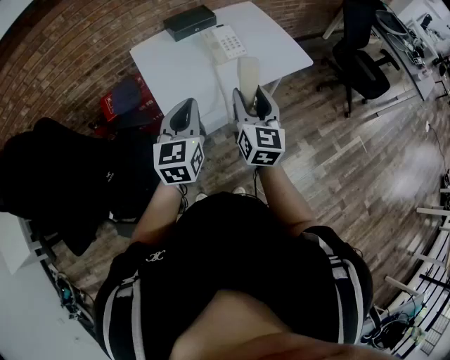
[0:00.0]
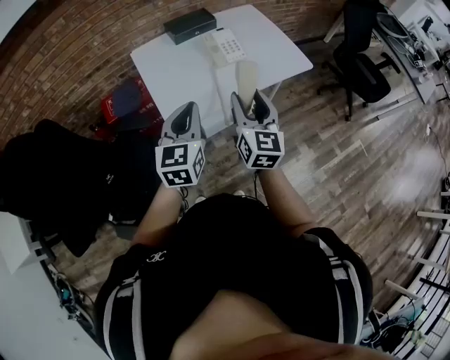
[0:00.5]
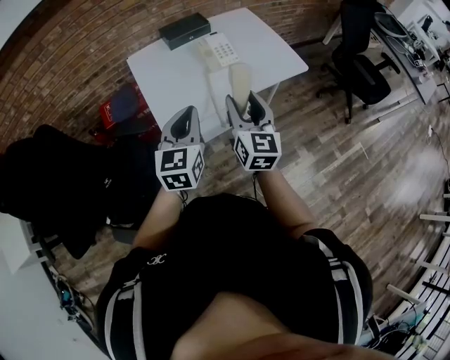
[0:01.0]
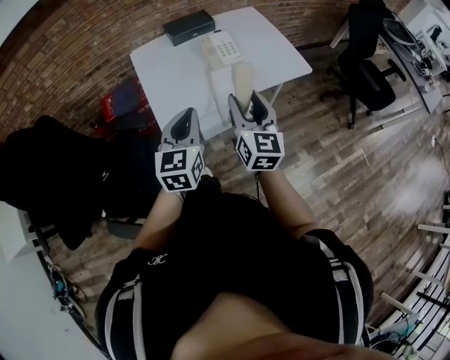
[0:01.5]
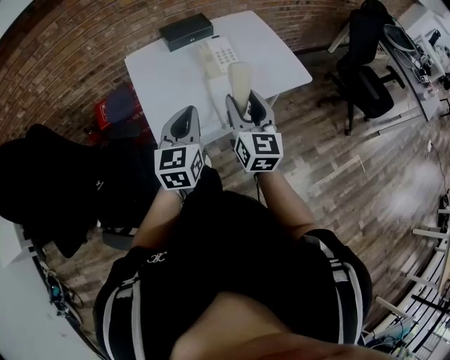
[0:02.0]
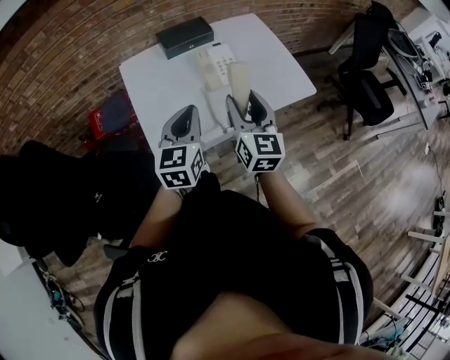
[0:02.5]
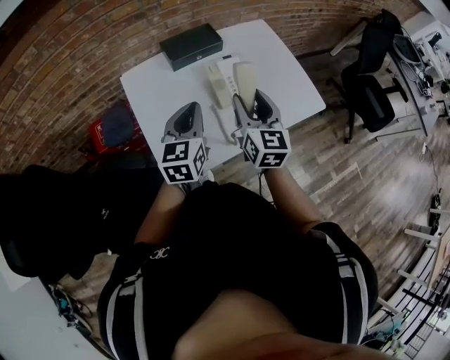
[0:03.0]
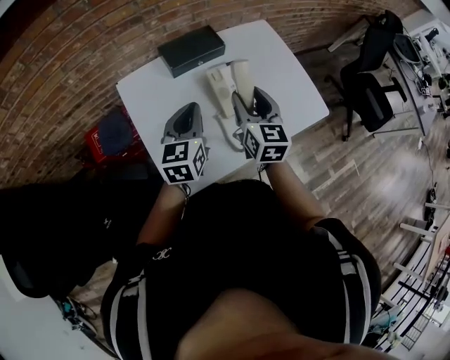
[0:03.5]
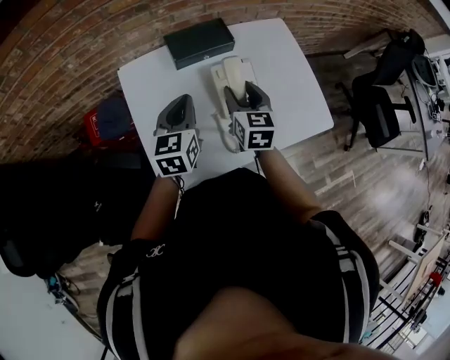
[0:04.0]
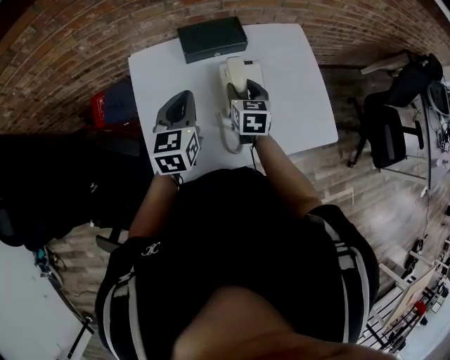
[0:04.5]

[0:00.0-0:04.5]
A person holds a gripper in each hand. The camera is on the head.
0:00.0 to 0:02.0: The right gripper shifts about 5 cm forward. Meanwhile the left gripper moves to the right and forward, some 10 cm.
0:02.0 to 0:04.5: The left gripper goes roughly 30 cm forward. The right gripper moves forward and downward, about 40 cm, and tilts its fingers about 30 degrees downward.
- - -
# [Problem details]
Print the entire listing above verbatim. No picture should be included.

# [Written solution]
[0:00.0]
[0:00.5]
[0:01.0]
[0:01.5]
[0:02.0]
[0:02.5]
[0:03.0]
[0:03.5]
[0:04.0]
[0:04.5]

[0:00.0-0:04.5]
A person holds a gripper in each hand. The camera is on the head.
0:00.0 to 0:02.0: The right gripper shifts about 5 cm forward. Meanwhile the left gripper moves to the right and forward, some 10 cm.
0:02.0 to 0:04.5: The left gripper goes roughly 30 cm forward. The right gripper moves forward and downward, about 40 cm, and tilts its fingers about 30 degrees downward.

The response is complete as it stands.